PROBLEM REQUIREMENTS:
Below are entries. Copy exactly the lines running from the line that holds "Active color: b" to the line that holds "En passant target", with both ends included.

INFORMATION PROVIDED: Begin

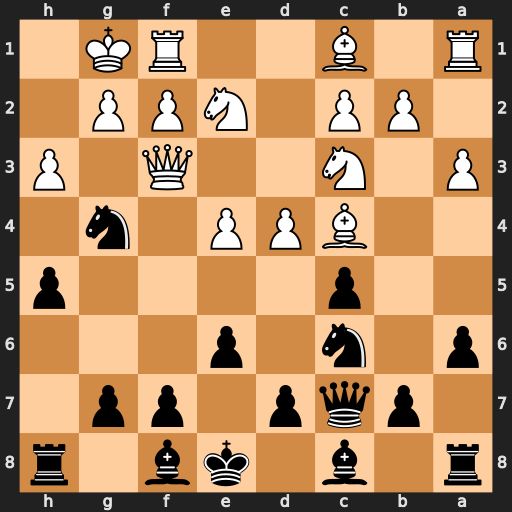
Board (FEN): r1b1kb1r/1pqp1pp1/p1n1p3/2p4p/2BPP1n1/P1N2Q1P/1PP1NPP1/R1B2RK1
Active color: b
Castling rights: kq
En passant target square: -
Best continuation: Qh2#
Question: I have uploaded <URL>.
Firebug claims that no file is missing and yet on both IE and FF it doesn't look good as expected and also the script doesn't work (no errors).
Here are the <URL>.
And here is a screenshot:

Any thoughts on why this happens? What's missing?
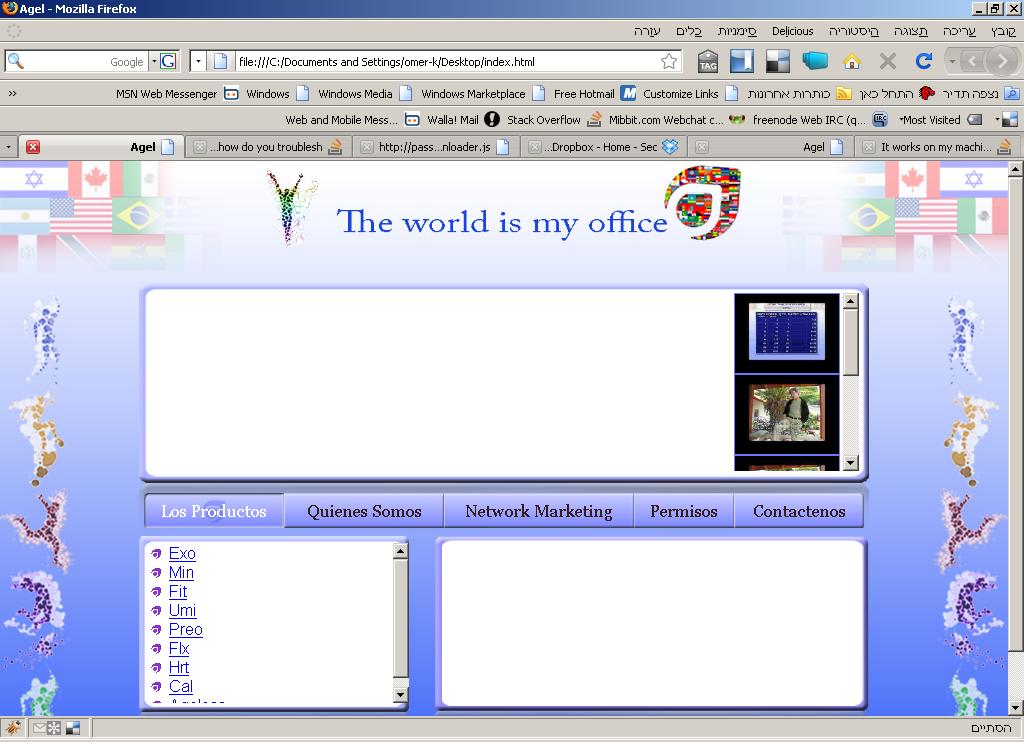
Answer: Well the problem was this:
> The site currently on line and the
files you sent aren't identical. the
images in the sent file are correct.
if you compare the two you'll see that
the images on line are LARGER then
they should be and that is why the
site looks off. It is NOT a CSS issue
- the images just need to be replaced with the images in the correct size.
I'm mailing you the full site you sent
me again with the correct images only.
Please scrub the server from ALL
IMAGES on it and then re-install the
site with the correct images.
This is from my designer.
Strange that the subversion wasn't updated.

INFORMATION PROVIDED: End

REPLY:
Active color: b
Castling rights: kq
En passant target square: -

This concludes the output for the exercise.